__Your task__
From the line containing "(00:00:02.200)" through the last line of the entries below, transcribe each line exactly, excluding any picture.
** Data follows **
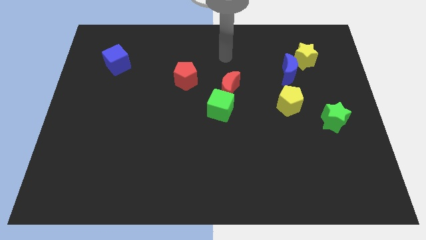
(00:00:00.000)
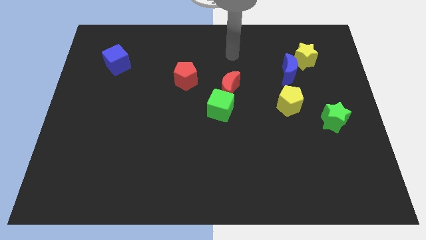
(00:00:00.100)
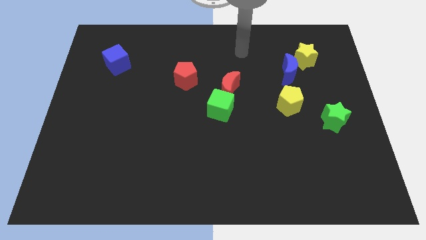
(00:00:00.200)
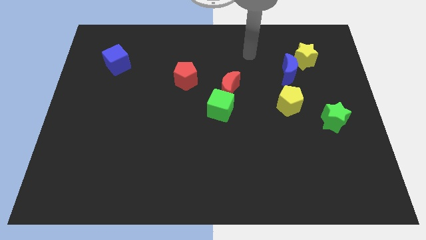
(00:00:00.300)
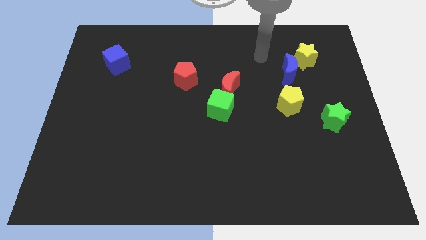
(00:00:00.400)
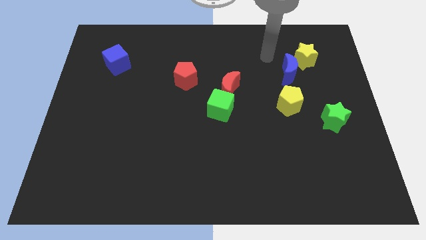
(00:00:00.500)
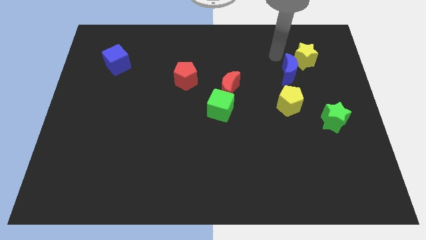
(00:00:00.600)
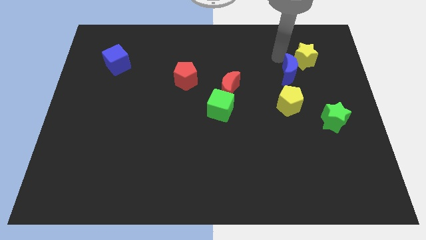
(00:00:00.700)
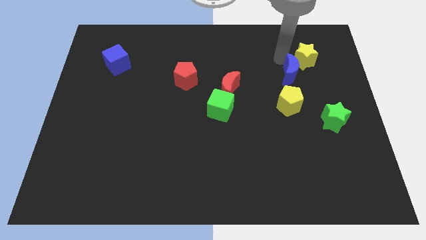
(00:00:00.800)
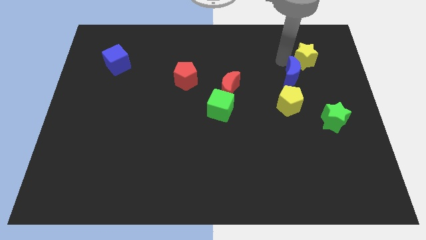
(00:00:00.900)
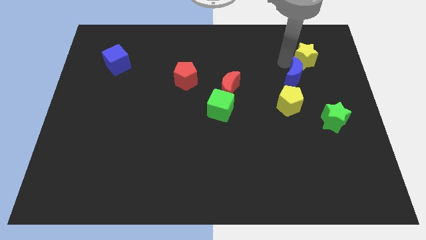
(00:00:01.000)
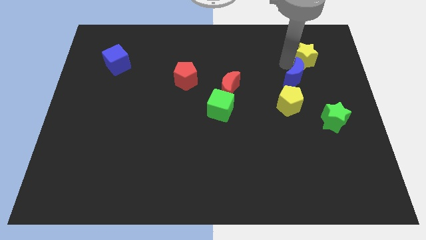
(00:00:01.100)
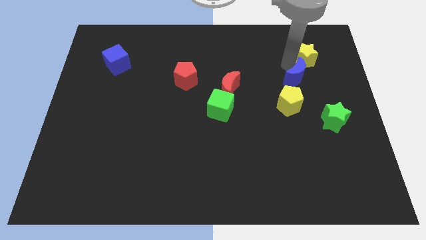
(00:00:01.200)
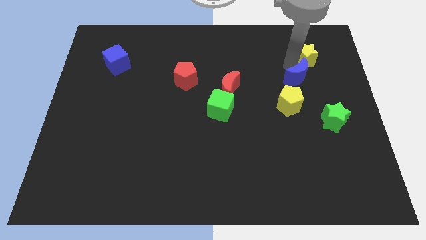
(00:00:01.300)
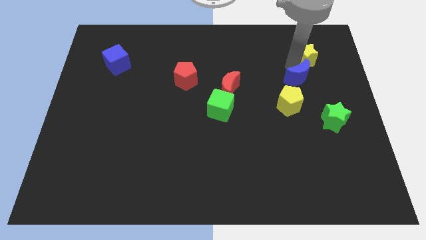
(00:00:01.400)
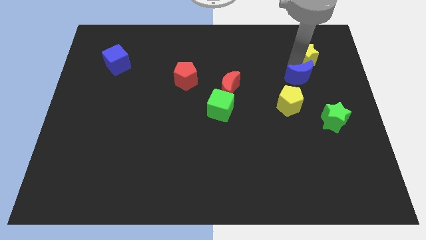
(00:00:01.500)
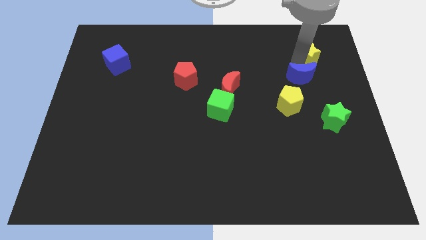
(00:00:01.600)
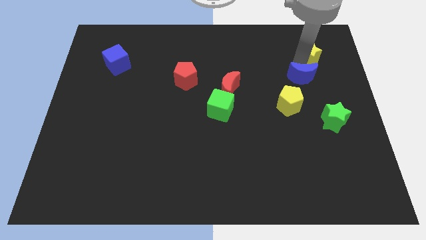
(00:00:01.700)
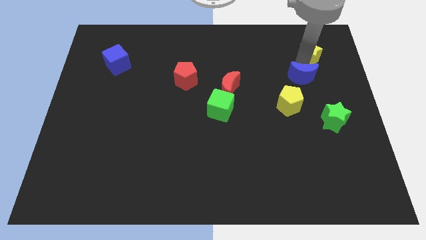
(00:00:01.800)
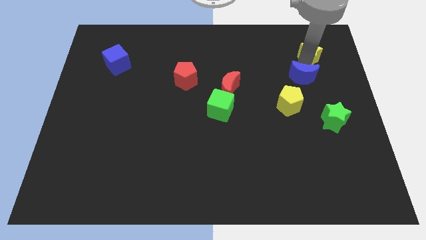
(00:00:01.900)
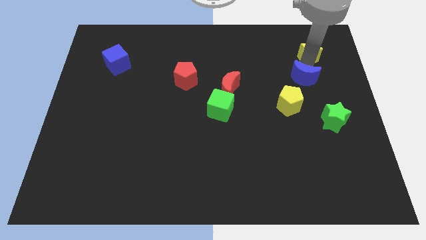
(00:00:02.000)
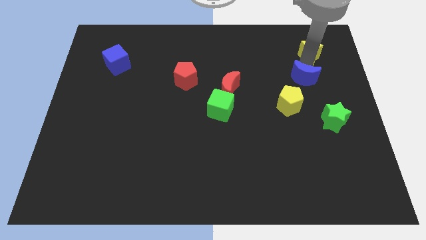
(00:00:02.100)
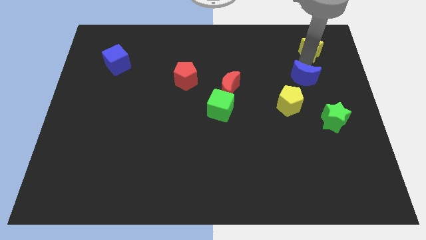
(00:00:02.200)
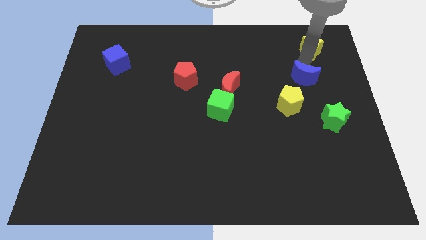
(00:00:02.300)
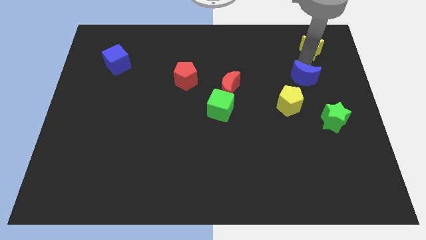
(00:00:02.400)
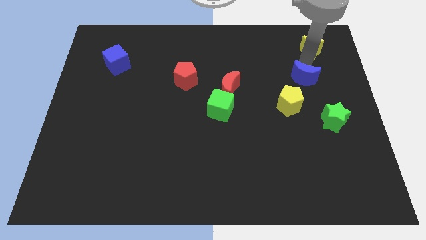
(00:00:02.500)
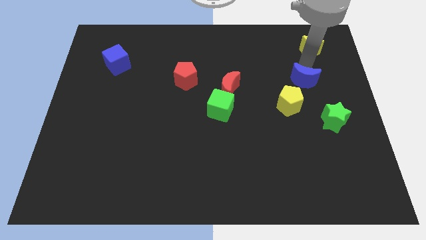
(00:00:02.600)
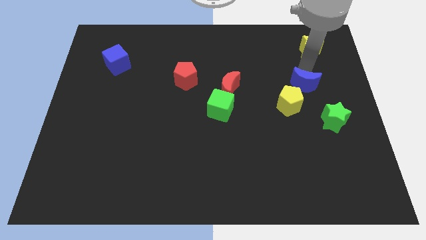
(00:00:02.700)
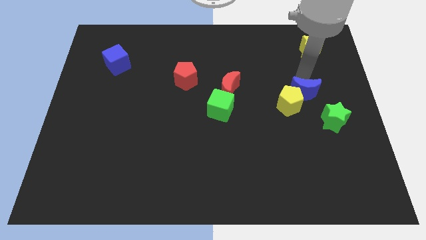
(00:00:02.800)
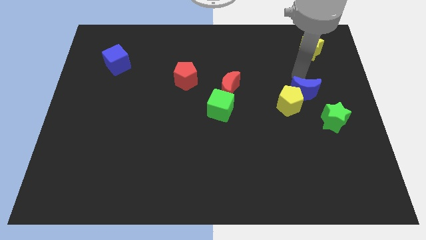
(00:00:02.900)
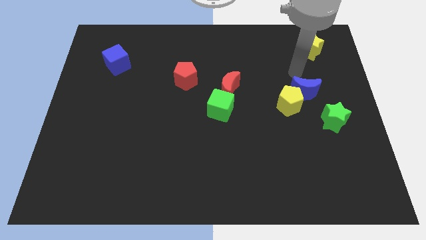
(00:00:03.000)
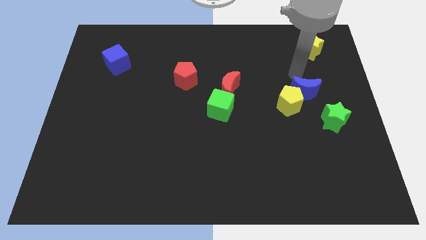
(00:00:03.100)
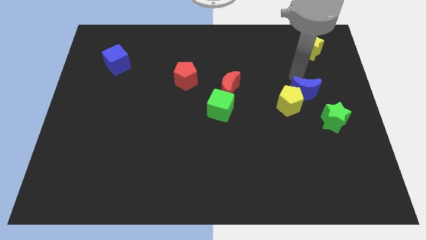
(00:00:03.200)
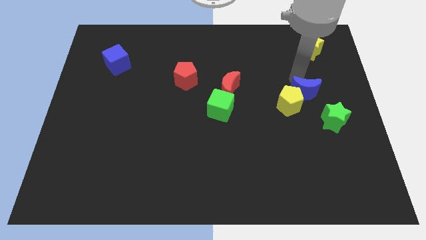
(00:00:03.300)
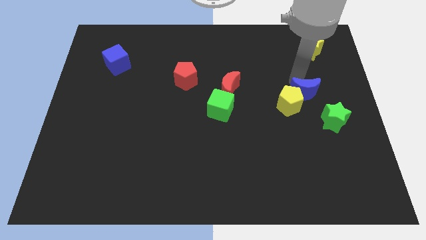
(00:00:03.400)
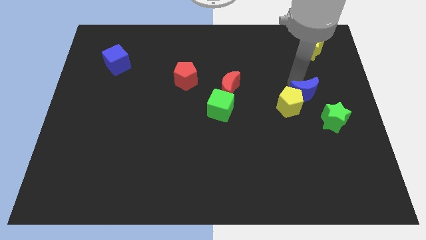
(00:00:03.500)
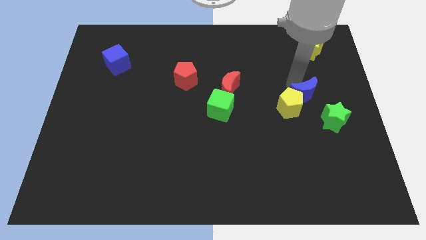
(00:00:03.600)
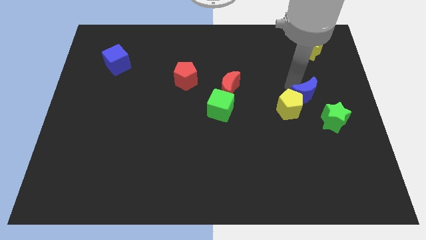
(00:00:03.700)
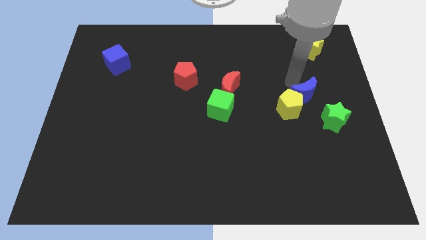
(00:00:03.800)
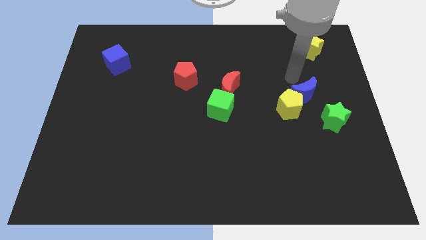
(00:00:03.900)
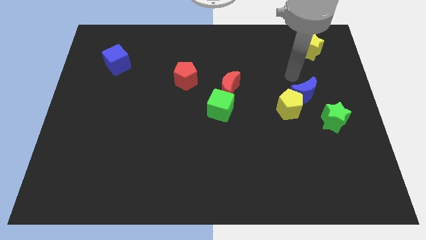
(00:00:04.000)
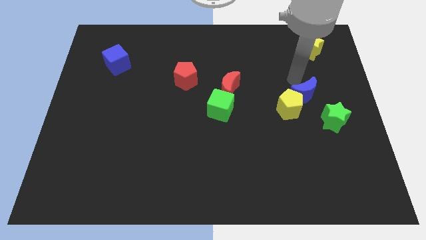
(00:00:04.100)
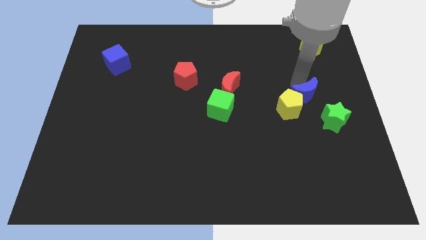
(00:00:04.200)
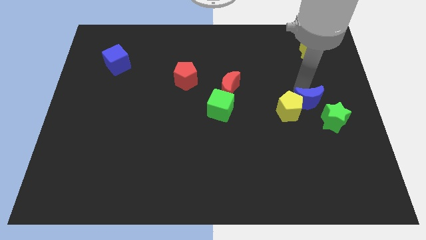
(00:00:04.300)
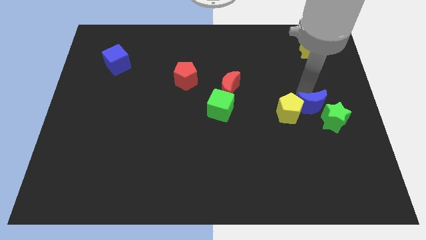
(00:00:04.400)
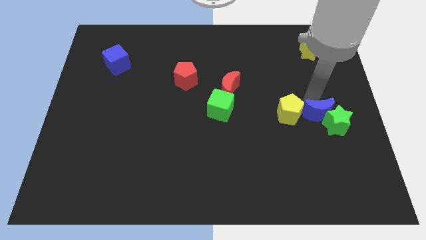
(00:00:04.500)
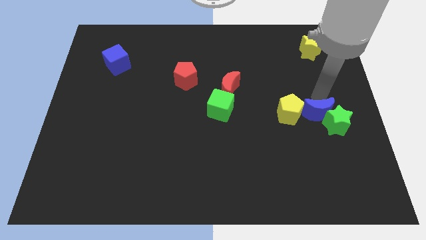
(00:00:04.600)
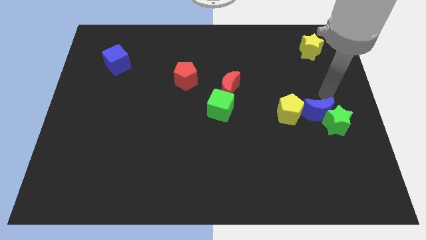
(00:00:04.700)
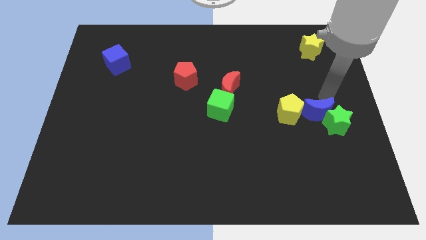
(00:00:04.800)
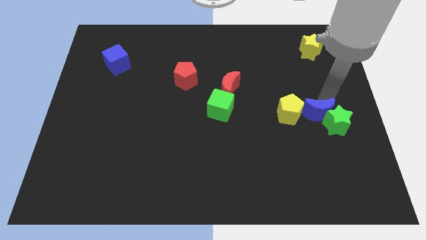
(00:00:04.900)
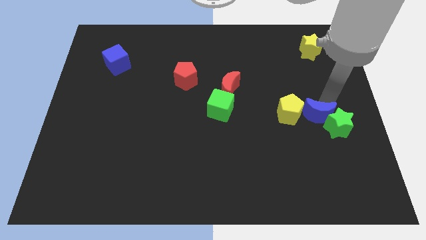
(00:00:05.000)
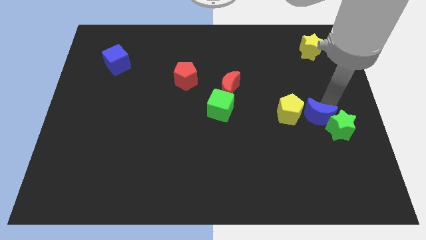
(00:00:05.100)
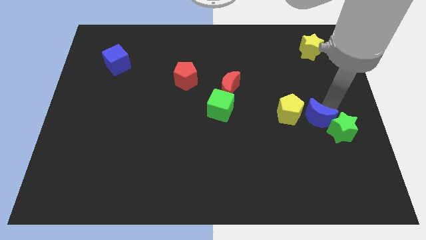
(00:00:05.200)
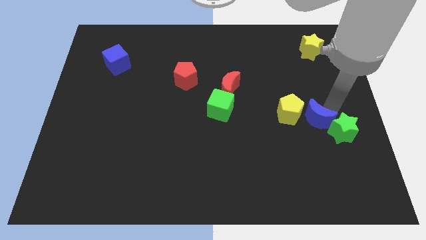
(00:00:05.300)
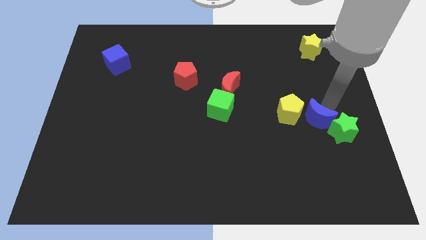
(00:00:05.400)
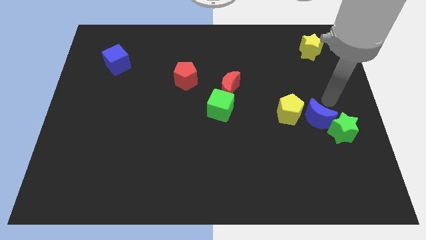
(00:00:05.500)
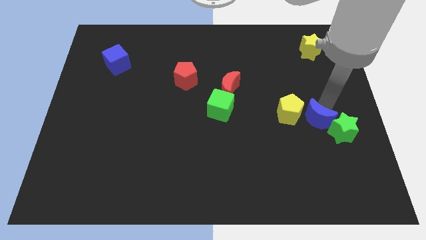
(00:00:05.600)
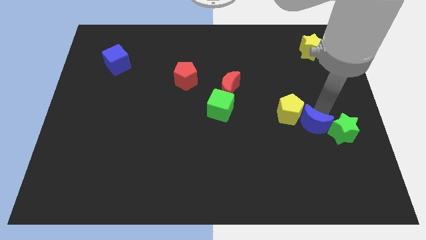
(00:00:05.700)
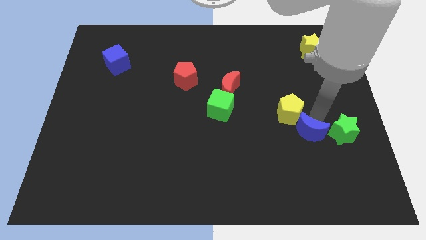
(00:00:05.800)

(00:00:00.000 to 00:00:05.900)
** End of Data **
__Final answer__
(00:00:02.200)
(00:00:02.300)
(00:00:02.400)
(00:00:02.500)
(00:00:02.600)
(00:00:02.700)
(00:00:02.800)
(00:00:02.900)
(00:00:03.000)
(00:00:03.100)
(00:00:03.200)
(00:00:03.300)
(00:00:03.400)
(00:00:03.500)
(00:00:03.600)
(00:00:03.700)
(00:00:03.800)
(00:00:03.900)
(00:00:04.000)
(00:00:04.100)
(00:00:04.200)
(00:00:04.300)
(00:00:04.400)
(00:00:04.500)
(00:00:04.600)
(00:00:04.700)
(00:00:04.800)
(00:00:04.900)
(00:00:05.000)
(00:00:05.100)
(00:00:05.200)
(00:00:05.300)
(00:00:05.400)
(00:00:05.500)
(00:00:05.600)
(00:00:05.700)
(00:00:05.800)

(00:00:00.000 to 00:00:05.900)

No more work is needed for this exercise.